Jeszcze kilka lat temu fakt że Polak jest Papieżem – czyli przedstawicielem Chrystusa na ziemi – nie robił na mnie większego wrażenia. Wszystko zmieniło się pamiętnego 2 kwietnia 2005 roku. Wtedy nie zdawałem sobie sprawy jak od tego momentu moje życie diametralnie się odmieni. Moja ówczesna „kondycja” duchowa i egzystencjalna była fatalna. Przez kilka ostatnich lat żyłem z dala od Boga i Kościoła, z zawodem miłosnym, pogrążony w nałogach i beznadziejności. Upadłem nisko, chociaż jak się później przekonałem, nigdy nie możemy upaść niżej niż na Bożą Dłoń.

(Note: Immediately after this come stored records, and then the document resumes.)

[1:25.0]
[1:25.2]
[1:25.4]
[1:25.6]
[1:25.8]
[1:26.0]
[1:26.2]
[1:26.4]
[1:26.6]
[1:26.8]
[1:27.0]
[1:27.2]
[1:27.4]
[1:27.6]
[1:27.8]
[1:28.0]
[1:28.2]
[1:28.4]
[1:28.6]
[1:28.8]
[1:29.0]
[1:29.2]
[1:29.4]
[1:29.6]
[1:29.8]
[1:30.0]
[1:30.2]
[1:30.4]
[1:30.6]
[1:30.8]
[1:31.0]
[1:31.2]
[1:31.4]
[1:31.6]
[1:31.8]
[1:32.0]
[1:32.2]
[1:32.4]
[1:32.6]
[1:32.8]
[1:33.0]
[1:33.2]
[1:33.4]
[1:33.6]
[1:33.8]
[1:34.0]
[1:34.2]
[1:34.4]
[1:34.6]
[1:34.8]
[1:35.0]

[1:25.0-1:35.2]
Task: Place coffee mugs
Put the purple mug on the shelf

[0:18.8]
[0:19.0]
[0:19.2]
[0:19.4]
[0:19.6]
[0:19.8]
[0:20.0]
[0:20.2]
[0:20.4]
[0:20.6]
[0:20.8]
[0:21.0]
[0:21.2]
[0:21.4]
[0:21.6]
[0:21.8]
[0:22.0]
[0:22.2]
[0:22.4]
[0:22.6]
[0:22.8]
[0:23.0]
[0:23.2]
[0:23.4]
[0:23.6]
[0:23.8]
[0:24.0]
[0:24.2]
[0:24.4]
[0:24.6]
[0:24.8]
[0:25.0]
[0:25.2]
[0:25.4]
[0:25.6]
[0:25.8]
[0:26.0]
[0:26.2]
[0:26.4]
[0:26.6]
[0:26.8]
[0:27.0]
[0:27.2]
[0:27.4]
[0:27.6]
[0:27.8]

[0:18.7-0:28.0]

Św. Paweł mówi: „Gdzie (...) wzmógł się grzech, tam jeszcze obficiej rozlała się łaska” (Rz 5,20). Im bardziej człowiek jest udręczony przez grzech, tym więcej otrzymuje od Chrystusa łaski, aby mógł powrócić do jedności z Bogiem i cieszyć się pełnią życia. I ja doświadczyłem w swoim życiu tej oczyszczającej mocy Boga. Pisząc – chociaż nieudolnie i nieporadnie – o moim nawróceniu, chciałbym właśnie dać temu świadectwo. Tak jak każdy kto został uleczony przebaczającą miłością Jezusa, jestem zobowiązany nie tylko wysławiać miłosierdzie Boga, ale także z całą mocą świadczyć o nim wśród tych, którzy nie mają odwagi zwrócić się ku Bogu, który jest naszym ostatecznym celem i szczęściem, którego bez wytchnienia szukamy. Jak sam się przekonałem, zwracając się ku Chrystusowi nie tracimy nic, a zyskujemy nieskończenie wiele.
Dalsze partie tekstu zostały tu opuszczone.